A team of scientists from Sorbonne University in France found that trained ants could be useful in identifying cancer in humans. Researchers have shown that a certain type of ant can be taught to identify cancer cells with the same accuracy as other animals with biodetection capabilities, such as dogs.
We are all aware of dogs' highly developed senses: Dogs have been used for years to detect things like illicit drugs and explosives, and their incredible ability to smell diseases like cancer, malaria or also COVID-19 has recently been studied.
It takes time and money to train and maintain a detection dog. It could take a year to educate a survey dog, so academics have recently turned to other species, such as mice, bees, and locusts.
Ants as precise as dogs

This latest research investigated the possibility of teaching a species of ant called Formica fusca. Ants have already been found to be able to respond to certain volatile organic compounds (VOCs) and, in previous studies, cancers can be identified by their particular VOCs. So the new study aimed to see if ants can be trained to detect such compounds.

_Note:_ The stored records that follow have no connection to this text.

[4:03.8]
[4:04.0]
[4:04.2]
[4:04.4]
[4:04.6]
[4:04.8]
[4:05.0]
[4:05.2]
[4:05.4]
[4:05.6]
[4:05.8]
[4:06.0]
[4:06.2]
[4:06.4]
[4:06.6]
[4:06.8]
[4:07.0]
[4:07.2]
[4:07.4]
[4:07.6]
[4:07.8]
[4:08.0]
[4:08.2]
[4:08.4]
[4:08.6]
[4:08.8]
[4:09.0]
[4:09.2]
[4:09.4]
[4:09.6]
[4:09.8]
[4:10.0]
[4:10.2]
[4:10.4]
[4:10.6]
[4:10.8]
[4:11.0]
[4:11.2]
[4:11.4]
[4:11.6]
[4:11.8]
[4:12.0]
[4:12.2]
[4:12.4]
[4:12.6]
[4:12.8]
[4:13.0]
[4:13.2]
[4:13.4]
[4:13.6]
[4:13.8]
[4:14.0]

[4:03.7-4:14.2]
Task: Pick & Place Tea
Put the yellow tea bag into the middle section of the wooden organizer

Preliminary research has focused on two types of breast cancer cells with different olfactory "signatures". After only three training tests, the scientists they were able to teach ants to discriminate between malignant and non-cancerous cells with similar accuracy to previous dog studies.

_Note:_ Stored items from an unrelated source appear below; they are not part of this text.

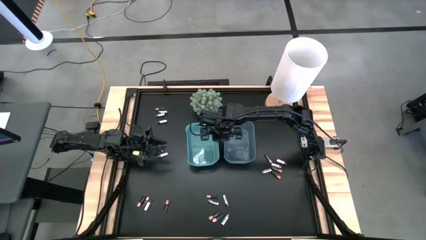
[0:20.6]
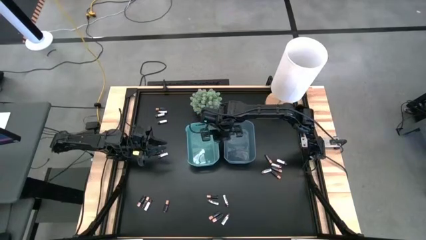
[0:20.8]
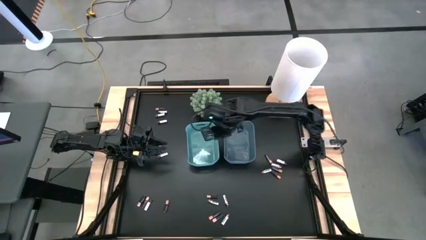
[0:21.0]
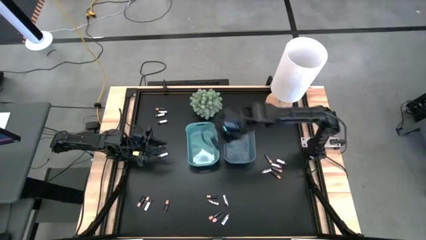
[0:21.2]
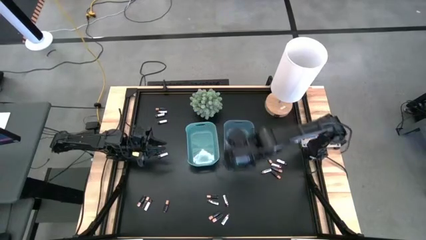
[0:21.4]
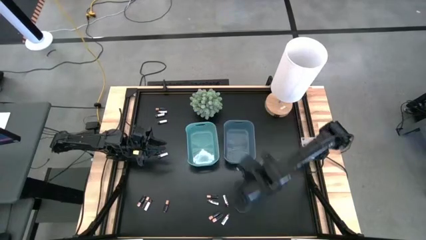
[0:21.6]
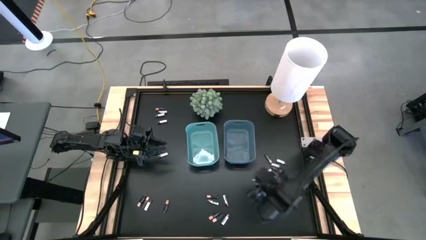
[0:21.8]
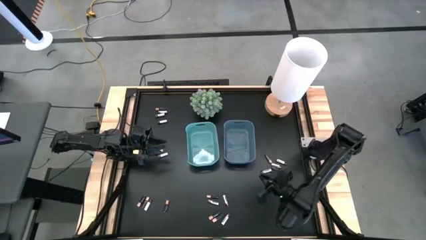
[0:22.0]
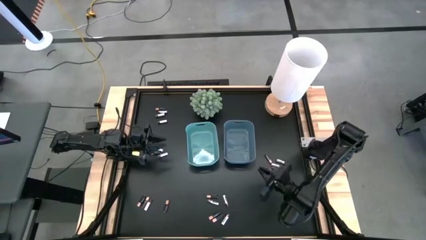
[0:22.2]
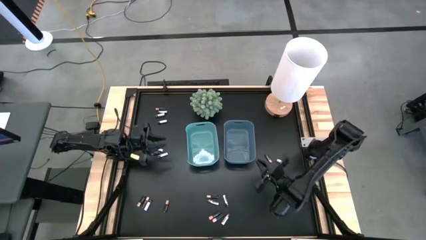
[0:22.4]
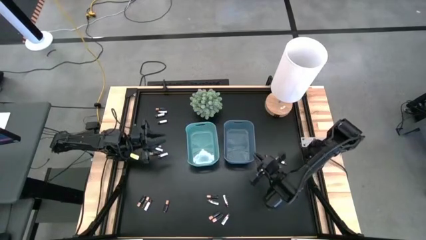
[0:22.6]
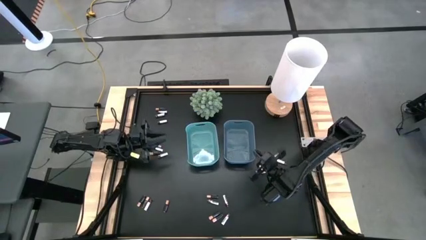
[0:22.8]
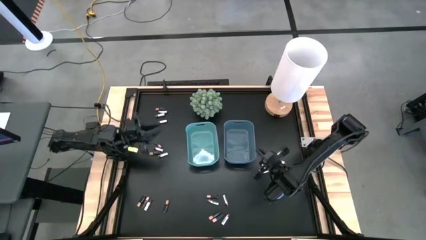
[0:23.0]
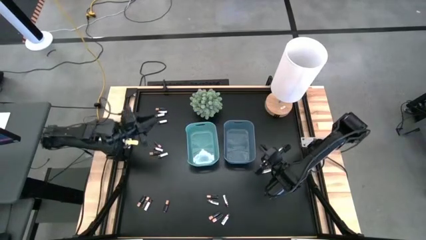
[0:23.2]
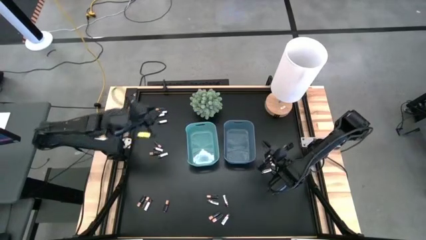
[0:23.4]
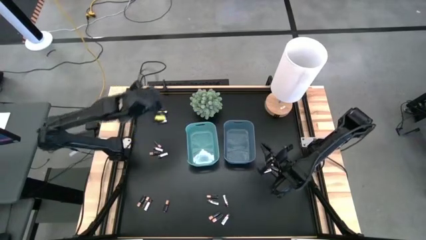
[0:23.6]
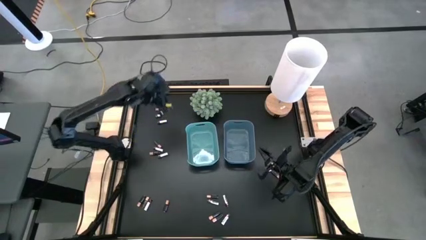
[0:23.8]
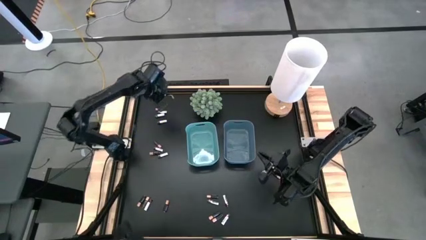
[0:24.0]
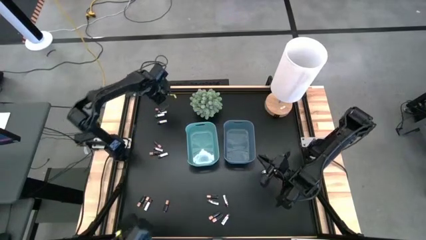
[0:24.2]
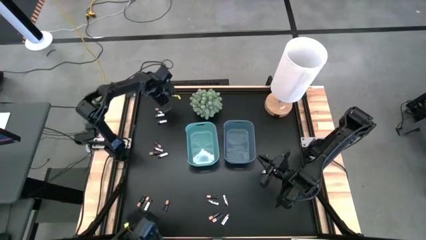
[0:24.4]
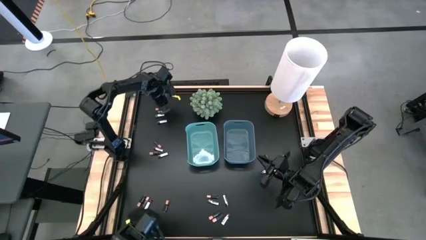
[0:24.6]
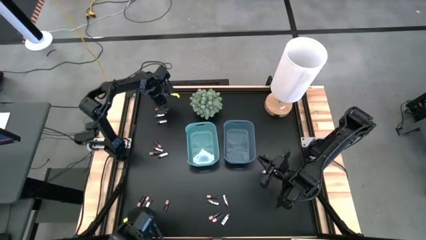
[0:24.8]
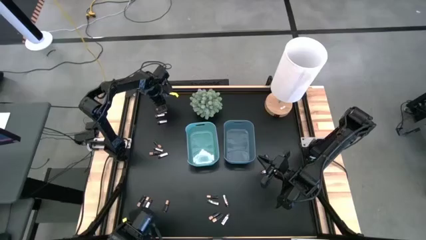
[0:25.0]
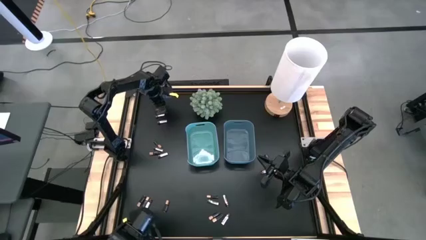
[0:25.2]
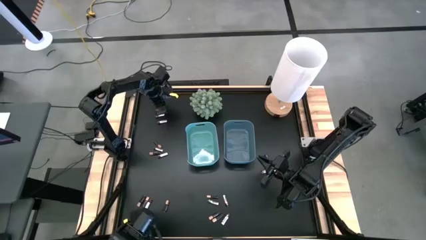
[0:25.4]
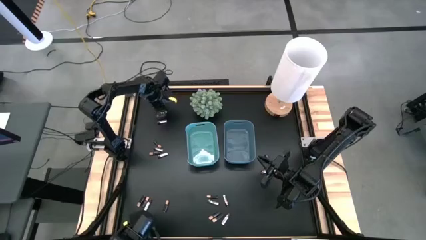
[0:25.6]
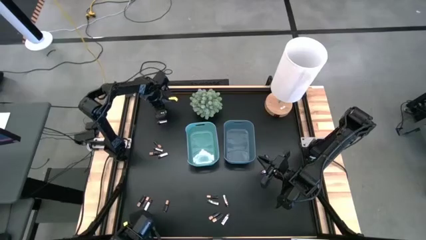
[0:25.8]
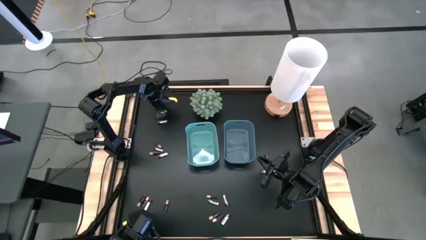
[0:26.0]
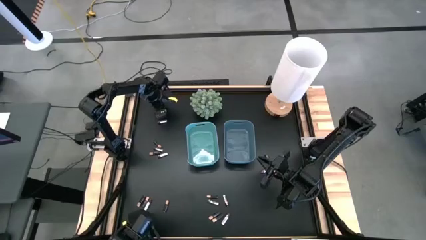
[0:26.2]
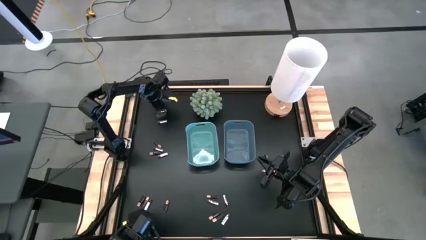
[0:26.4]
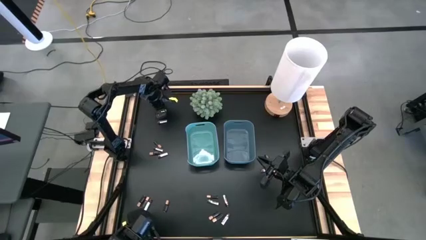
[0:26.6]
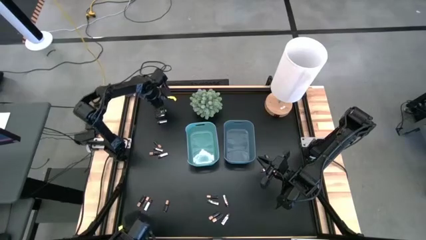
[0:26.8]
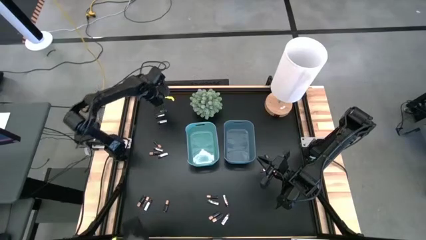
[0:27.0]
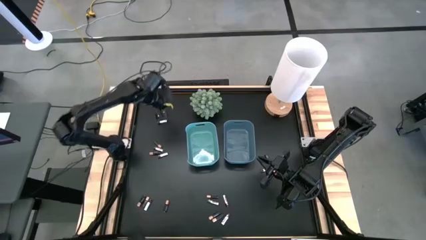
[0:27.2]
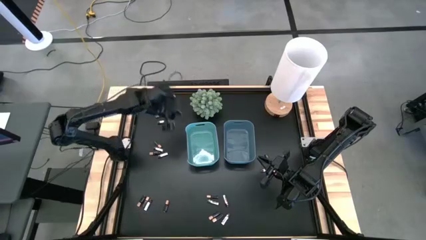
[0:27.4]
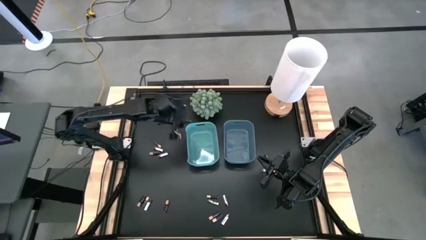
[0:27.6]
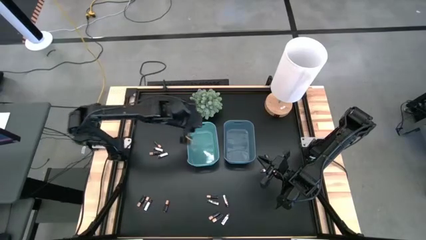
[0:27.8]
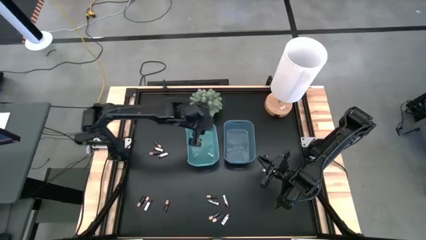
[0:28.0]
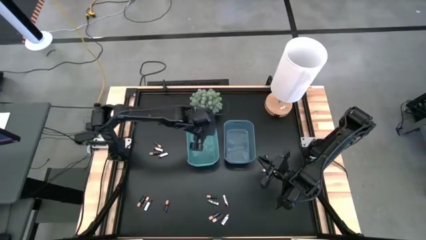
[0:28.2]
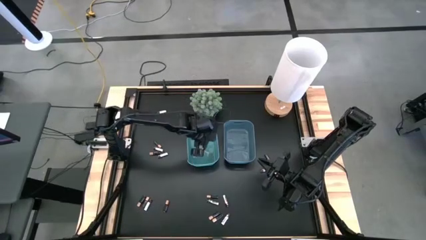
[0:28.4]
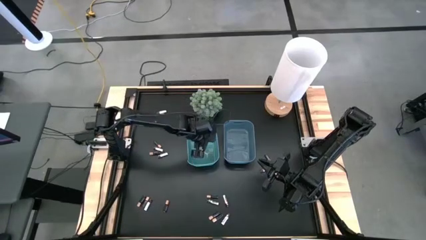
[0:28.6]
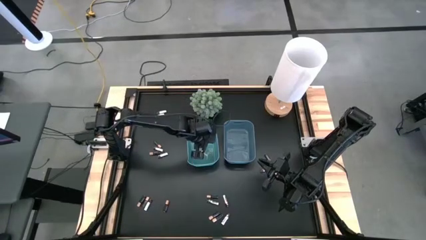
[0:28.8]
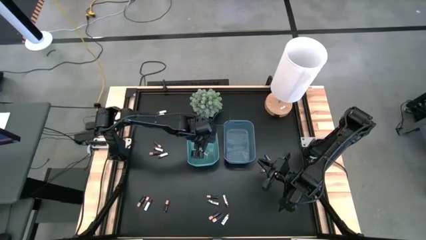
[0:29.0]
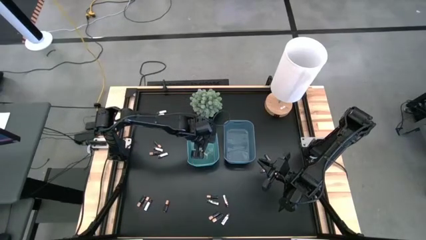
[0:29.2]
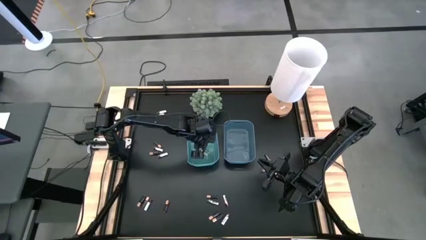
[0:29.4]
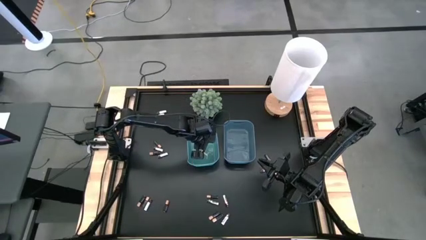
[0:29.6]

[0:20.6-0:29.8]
Task: Sort batteries
Put the black battery into the green bin

The observations of the researchers
'In terms of detection capabilities, ants are comparable to dogs,' concluded the researchers. Indeed more.
Compared to dogs, however, they require a much shorter training time (30 minutes versus 6-12 months for a dog), less labor and maintenance costs (honey and frozen insects twice a week). Our easy 'training' procedure can be followed by anyone with just three days of training.

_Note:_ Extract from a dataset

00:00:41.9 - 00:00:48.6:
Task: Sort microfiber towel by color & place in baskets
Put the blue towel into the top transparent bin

According to the researchers, the ants can be used to detect cancer cells nine times before this "training" is removed from their behavior. This makes ants a more efficient and affordable detection tool than any other animal or organism previously studied for comparable purposes.
Policeman ants?
'Ants therefore represent a rapid, efficient, inexpensive and highly discriminatory detection tool for detecting cancer cell volatiles,' concluded the researchers in their paper.
Our method can be easily applied to a variety of other complex odor detection tasks, such as narcotics, explosives, spoiled food, or other diseases (e.g., malaria).
The study is just a proof-of-concept demonstration, it takes some time before the ants can be used to detect something in the real world. More research is needed, to be precise, to categorize and validate certain VOC profiles for specific cancers.
The new study was published in the journal iScience.